◆ Problem details
Only the lines with the string "style" are needed; return each of them from the entries below.

Stored entries:
▬▬▬

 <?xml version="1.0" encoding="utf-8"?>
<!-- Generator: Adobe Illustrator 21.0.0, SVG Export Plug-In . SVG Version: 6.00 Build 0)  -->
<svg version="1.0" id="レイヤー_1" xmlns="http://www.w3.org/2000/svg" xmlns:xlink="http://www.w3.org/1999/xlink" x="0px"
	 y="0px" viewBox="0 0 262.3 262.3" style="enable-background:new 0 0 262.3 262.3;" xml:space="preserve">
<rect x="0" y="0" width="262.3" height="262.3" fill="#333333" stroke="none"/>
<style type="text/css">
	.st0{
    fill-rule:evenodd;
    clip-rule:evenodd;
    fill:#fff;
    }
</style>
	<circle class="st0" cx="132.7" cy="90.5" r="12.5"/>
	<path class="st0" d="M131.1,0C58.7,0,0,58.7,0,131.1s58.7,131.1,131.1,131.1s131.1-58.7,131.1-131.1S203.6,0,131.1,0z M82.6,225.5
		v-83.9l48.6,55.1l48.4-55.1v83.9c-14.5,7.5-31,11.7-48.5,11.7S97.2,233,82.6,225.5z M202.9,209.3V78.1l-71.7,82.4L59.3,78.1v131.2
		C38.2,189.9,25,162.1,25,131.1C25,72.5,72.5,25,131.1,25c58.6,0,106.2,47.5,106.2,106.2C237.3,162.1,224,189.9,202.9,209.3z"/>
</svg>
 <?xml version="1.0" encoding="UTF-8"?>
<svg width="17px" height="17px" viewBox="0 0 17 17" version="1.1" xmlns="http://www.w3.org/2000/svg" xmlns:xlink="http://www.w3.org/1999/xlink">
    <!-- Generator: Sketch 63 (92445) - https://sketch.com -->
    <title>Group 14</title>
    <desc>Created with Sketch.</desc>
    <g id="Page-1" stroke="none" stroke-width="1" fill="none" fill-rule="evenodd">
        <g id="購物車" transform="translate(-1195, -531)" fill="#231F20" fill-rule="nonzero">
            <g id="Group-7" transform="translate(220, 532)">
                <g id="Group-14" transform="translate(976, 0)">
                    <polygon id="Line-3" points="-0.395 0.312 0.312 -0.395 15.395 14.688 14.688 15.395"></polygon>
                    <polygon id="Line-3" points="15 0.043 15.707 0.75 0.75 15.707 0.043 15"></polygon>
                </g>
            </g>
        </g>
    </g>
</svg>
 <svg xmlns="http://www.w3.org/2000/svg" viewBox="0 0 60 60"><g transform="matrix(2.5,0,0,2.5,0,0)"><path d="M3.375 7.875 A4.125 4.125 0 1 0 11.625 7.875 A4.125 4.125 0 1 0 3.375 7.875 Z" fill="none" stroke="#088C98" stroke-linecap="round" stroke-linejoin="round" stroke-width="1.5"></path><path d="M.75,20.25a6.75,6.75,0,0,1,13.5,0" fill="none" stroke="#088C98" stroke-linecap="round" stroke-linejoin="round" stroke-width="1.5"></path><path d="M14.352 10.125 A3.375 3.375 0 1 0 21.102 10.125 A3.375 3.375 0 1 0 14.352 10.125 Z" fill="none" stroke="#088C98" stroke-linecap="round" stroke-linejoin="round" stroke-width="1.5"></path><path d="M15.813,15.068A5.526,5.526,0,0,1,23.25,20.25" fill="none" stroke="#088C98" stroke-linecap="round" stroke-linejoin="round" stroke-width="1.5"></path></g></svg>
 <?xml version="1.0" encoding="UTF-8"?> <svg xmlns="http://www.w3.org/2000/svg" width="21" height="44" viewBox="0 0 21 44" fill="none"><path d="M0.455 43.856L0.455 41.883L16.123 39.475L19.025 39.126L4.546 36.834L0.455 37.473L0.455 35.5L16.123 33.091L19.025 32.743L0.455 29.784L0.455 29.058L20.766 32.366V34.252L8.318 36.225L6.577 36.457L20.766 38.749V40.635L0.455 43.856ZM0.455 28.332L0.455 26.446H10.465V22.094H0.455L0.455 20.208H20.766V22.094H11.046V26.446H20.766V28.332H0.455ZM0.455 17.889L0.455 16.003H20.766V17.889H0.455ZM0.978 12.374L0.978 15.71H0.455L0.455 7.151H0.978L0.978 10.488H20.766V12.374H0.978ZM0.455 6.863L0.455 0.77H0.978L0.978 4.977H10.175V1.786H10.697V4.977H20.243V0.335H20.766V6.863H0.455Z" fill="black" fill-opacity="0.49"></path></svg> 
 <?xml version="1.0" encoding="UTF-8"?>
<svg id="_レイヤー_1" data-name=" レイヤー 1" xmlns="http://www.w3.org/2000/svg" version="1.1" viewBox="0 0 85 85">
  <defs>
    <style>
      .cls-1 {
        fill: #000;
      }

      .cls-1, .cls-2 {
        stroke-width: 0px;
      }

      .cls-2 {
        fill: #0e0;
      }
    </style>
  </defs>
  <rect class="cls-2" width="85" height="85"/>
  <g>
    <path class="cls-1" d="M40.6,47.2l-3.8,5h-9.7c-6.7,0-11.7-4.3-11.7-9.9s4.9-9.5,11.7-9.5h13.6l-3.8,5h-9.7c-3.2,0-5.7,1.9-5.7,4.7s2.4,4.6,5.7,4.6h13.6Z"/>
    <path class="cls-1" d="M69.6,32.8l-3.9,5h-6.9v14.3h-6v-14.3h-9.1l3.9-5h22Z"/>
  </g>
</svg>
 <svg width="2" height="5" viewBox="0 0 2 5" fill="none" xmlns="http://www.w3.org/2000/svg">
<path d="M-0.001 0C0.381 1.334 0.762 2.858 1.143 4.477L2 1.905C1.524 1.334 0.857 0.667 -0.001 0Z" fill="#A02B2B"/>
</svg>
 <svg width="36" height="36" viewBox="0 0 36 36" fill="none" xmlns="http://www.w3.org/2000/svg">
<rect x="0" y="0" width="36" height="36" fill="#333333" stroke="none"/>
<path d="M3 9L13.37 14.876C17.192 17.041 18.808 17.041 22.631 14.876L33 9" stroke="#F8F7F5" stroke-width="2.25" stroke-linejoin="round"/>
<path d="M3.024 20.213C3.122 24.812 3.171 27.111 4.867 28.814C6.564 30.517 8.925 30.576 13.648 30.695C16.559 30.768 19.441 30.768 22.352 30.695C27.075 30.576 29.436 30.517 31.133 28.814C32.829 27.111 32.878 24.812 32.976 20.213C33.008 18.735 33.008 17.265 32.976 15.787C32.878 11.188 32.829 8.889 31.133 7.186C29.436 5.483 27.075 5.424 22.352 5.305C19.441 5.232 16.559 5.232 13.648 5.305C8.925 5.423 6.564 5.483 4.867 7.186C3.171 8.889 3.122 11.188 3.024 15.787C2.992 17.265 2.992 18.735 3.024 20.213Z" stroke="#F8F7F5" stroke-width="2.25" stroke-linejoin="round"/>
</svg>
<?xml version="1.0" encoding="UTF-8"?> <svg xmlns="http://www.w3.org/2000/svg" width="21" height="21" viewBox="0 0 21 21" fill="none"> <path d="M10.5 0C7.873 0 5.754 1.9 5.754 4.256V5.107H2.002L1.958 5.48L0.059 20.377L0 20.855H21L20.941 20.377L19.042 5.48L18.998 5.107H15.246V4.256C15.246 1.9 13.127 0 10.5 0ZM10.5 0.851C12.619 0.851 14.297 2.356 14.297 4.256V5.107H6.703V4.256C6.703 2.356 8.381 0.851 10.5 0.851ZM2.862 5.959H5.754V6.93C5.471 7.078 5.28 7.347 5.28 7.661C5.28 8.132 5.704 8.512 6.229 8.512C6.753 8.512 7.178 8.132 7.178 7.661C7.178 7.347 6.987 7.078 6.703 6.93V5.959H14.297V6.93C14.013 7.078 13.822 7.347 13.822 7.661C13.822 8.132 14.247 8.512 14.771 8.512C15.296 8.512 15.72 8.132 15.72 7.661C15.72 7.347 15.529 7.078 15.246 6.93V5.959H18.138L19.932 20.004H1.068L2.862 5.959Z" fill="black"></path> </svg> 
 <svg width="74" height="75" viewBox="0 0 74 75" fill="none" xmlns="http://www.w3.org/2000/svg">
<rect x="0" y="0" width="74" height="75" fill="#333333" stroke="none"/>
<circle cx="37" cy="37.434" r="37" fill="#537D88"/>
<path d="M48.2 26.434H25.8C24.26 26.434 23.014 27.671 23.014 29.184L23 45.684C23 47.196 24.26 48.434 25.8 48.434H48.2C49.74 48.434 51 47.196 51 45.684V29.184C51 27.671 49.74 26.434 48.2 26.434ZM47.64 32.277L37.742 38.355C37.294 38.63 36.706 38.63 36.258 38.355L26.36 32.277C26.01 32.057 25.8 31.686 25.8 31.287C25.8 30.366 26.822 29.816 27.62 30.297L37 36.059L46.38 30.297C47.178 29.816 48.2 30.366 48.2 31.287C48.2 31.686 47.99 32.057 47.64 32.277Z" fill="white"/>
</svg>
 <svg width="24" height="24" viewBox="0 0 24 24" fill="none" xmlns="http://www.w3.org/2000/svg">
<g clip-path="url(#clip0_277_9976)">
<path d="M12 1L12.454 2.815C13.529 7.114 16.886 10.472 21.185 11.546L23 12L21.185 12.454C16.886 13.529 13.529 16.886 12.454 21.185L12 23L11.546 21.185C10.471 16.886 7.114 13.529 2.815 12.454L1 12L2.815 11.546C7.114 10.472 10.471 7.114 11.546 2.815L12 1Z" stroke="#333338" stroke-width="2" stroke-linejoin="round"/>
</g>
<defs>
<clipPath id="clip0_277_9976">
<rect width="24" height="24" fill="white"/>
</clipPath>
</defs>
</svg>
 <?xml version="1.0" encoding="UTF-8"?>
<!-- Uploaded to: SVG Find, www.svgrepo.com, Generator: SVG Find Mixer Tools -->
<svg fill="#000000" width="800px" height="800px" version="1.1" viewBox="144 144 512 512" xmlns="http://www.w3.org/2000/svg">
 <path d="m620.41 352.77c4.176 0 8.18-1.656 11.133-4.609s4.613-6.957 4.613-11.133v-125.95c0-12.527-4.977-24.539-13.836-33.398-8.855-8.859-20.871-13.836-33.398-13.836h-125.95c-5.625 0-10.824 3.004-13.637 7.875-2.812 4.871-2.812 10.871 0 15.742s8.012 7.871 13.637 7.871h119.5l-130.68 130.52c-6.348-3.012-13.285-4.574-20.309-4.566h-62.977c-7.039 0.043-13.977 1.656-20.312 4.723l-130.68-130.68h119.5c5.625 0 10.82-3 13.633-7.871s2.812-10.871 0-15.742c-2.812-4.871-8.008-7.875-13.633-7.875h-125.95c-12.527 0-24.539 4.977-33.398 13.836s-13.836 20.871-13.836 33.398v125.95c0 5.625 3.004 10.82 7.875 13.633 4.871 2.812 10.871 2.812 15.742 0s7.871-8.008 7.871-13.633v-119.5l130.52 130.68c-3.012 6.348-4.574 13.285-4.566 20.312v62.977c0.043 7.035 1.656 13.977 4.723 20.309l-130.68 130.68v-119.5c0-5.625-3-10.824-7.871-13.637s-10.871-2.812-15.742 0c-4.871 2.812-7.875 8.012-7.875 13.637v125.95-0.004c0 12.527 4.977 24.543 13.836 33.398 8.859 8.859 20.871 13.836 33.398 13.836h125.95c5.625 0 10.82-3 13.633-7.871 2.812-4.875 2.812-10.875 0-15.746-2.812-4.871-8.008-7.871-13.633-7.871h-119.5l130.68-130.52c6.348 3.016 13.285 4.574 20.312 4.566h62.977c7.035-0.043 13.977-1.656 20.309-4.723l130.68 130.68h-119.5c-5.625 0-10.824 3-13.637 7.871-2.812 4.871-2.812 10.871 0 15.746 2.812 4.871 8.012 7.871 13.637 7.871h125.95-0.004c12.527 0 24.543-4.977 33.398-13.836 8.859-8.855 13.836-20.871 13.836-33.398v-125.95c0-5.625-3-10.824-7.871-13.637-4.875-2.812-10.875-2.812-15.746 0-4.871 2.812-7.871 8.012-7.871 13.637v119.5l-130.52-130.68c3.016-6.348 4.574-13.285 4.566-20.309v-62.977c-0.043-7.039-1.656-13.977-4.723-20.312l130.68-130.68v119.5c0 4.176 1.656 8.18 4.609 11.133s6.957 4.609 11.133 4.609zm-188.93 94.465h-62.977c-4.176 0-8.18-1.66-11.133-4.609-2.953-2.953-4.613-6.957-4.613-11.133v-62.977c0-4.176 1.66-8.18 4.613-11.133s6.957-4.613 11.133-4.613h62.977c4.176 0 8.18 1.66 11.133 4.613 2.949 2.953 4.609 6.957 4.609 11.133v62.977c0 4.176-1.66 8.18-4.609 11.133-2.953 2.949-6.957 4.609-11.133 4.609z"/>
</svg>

▬▬▬

◆ Answer space
	 y="0px" viewBox="0 0 262.3 262.3" style="enable-background:new 0 0 262.3 262.3;" xml:space="preserve">
<style type="text/css">
</style>
    <style>
    </style>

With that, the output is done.